● WORKING DATA

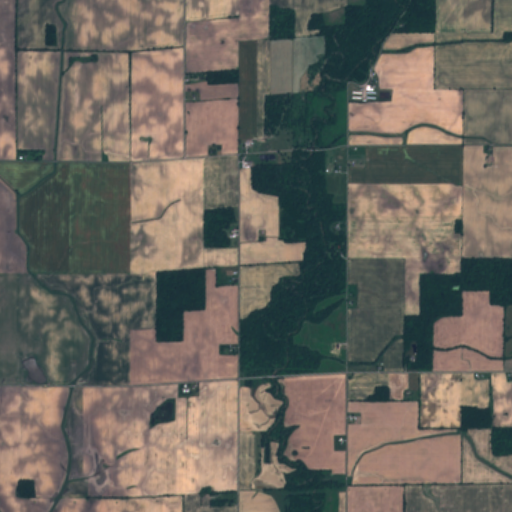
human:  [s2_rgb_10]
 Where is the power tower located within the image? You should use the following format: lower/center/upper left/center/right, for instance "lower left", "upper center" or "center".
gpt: The power tower is located in the lower of the image.
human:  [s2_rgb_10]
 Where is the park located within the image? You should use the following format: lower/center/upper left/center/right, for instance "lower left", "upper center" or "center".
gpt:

● TASK
Write out the listing above in full, word for word, with no pictures.

● FINISHED TASK
human:  [s2_rgb_10]
 Where is the power tower located within the image? You should use the following format: lower/center/upper left/center/right, for instance "lower left", "upper center" or "center".
gpt: The power tower is located in the lower of the image.
human:  [s2_rgb_10]
 Where is the park located within the image? You should use the following format: lower/center/upper left/center/right, for instance "lower left", "upper center" or "center".
gpt:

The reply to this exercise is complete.